4.2 What can’t correlation measure?

While the correlation coefficient is a convenient way to quantify the strength of a relationship between two variables, it’s far from perfect. In this exercise, you’ll explore one of the caveats of the correlation coefficient by examining the relationship between a country’s GDP per capita (gdp_per_cap) and happiness score.

# Scatterplot of gdp_per_cap and life_exp
ggplot(world_happiness, aes(gdp_per_cap, life_exp)) + geom_point()

# Correlation between gdp_per_cap and life_exp
cor(world_happiness$gdp_per_cap, world_happiness$life_exp)

## [1] 0.7235027

4.3 Transforming variables

When variables have skewed distributions, they often require a transformation in order to form a linear relationship with another variable so that correlation can be computed. In this exercise, you’ll perform a transformation yourself.

# Scatterplot of happiness_score vs. gdp_per_cap
ggplot(world_happiness, aes(gdp_per_cap, happiness_score)) + geom_point()

# Calculate correlation
cor(world_happiness$happiness_score, world_happiness$gdp_per_cap)

## [1] 0.7601853

# Create log_gdp_per_cap column
world_happiness <- world_happiness %>% mutate(log_gdp_per_cap = log(gdp_per_cap))

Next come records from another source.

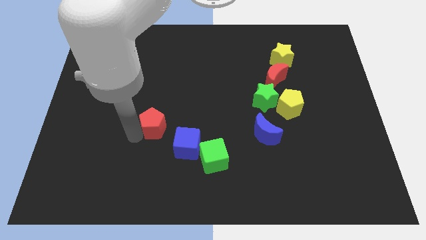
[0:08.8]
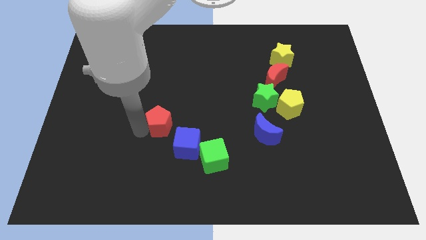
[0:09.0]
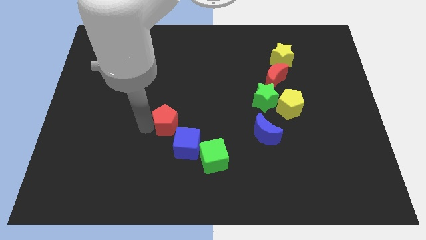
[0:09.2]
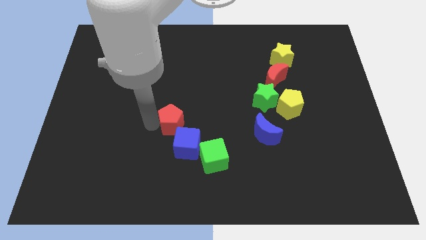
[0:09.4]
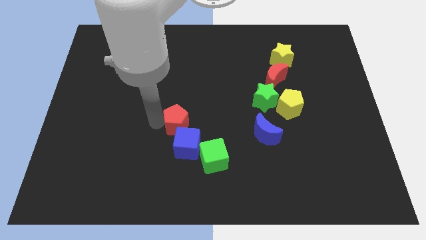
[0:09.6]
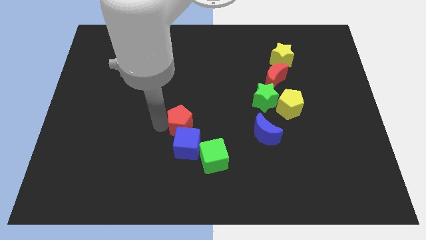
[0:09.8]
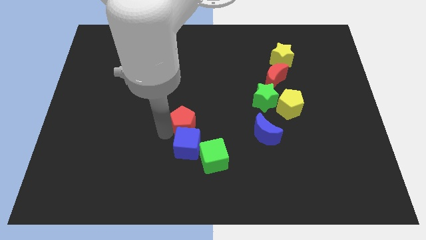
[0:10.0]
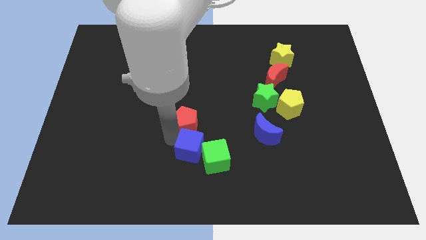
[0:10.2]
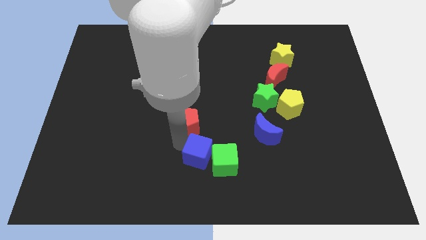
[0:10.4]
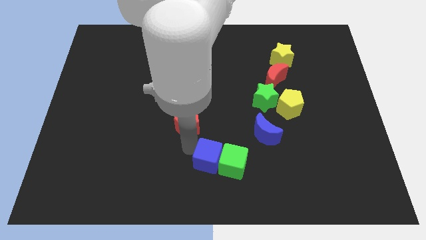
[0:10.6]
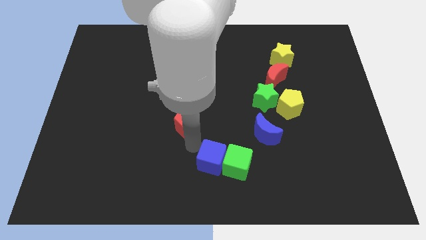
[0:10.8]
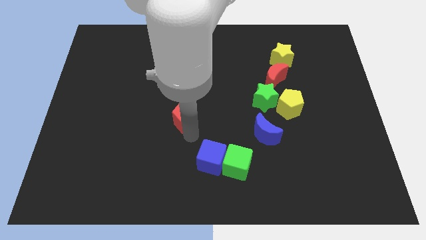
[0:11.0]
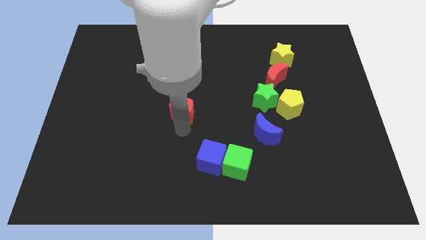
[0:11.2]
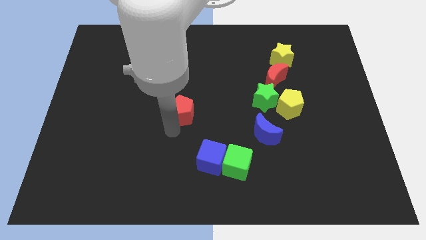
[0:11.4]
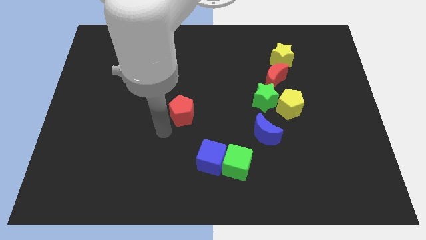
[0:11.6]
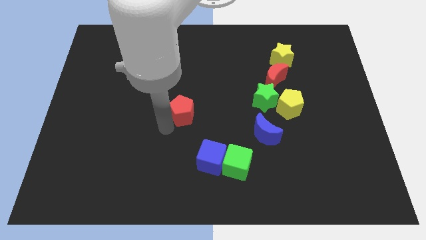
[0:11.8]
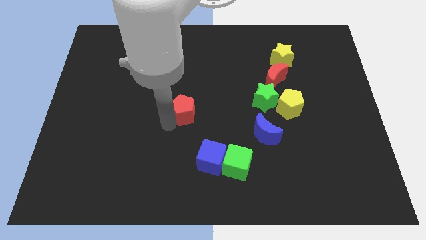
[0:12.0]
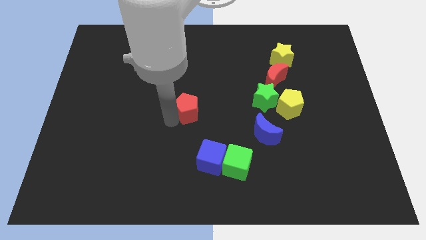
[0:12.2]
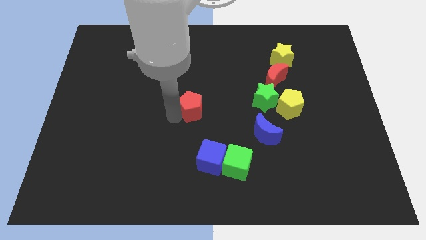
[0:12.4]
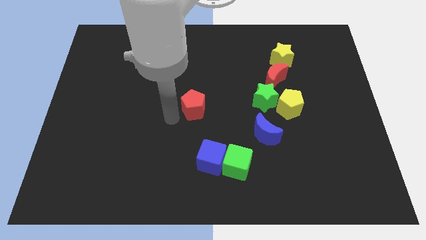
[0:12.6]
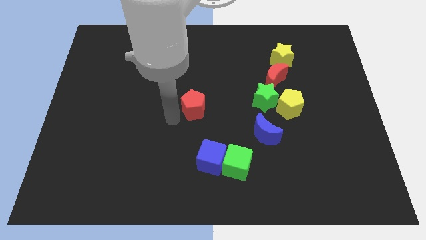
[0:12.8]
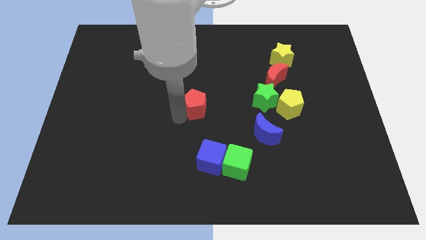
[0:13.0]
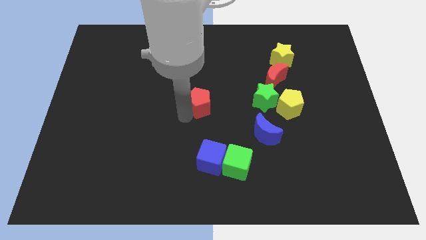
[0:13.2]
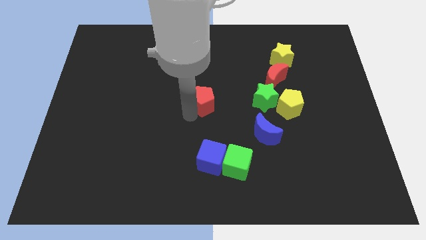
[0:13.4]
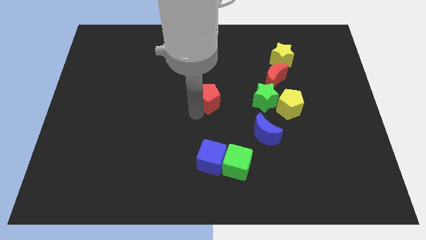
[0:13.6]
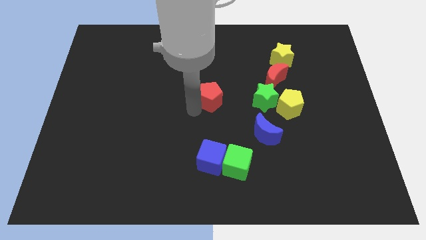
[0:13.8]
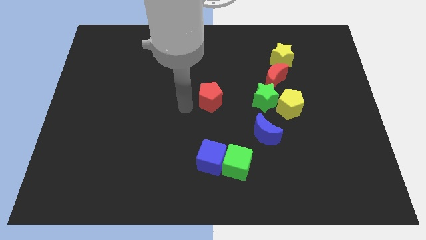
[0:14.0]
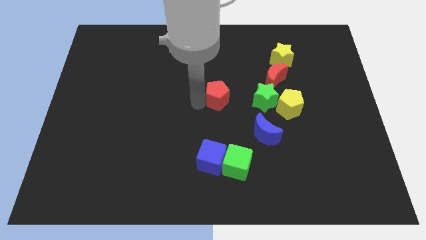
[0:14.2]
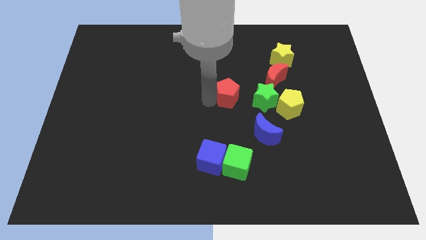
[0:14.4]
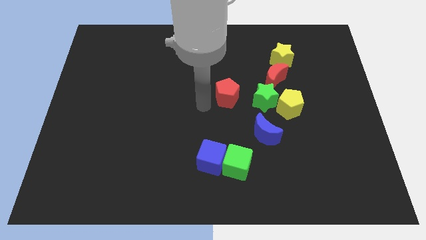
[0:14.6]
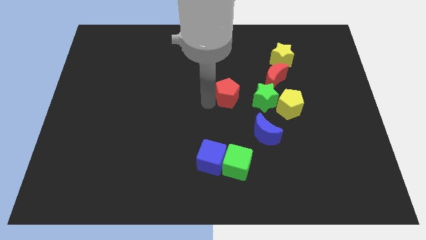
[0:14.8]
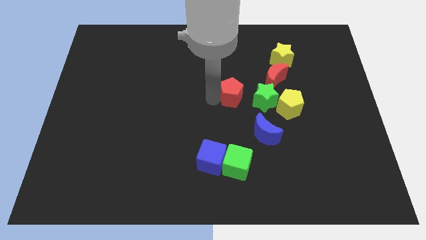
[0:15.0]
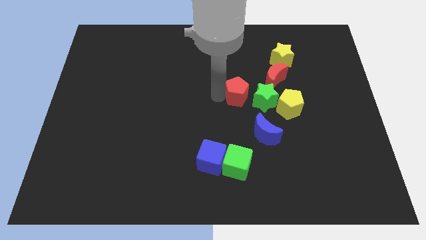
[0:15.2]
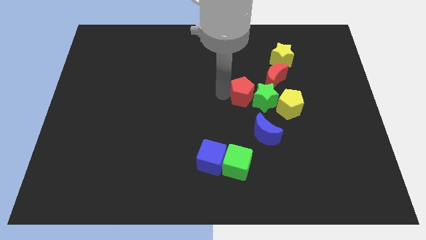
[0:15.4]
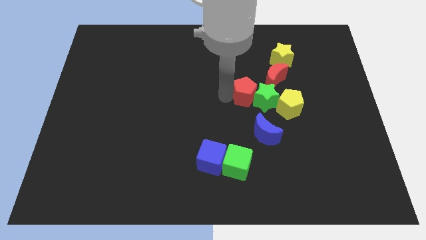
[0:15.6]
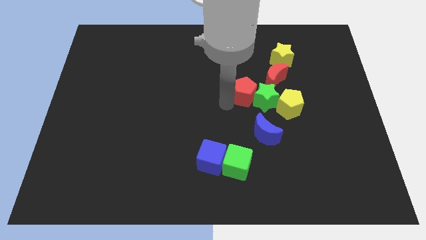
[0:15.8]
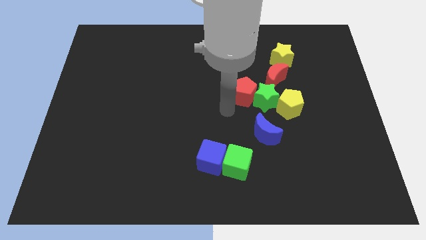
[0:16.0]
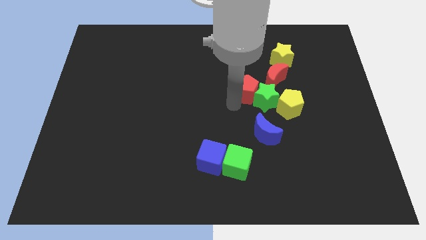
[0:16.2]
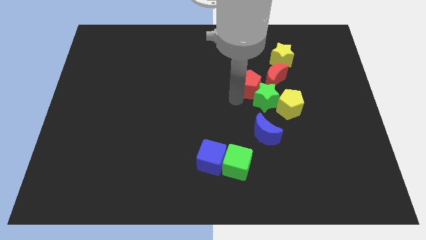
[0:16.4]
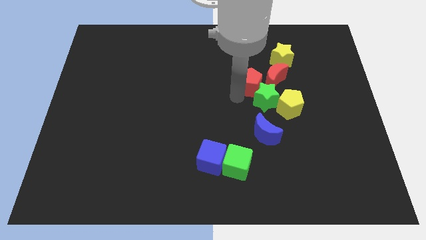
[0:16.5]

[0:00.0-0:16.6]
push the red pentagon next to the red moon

# Scatterplot of happiness_score vs. log_gdp_per_cap
ggplot(world_happiness, aes(log_gdp_per_cap, happiness_score)) + geom_point()

# Calculate correlation
cor(world_happiness$happiness_score,world_happiness$log_gdp_per_cap)

## [1] 0.7965484

# Scatterplot of grams_sugar_per_day and happiness_score
ggplot(world_happiness, aes(grams_sugar_per_day, happiness_score)) + geom_point()

# Correlation between grams_sugar_per_day and happiness_score
cor(world_happiness$happiness_score,world_happiness$grams_sugar_per_day)

## [1] 0.69391

The End.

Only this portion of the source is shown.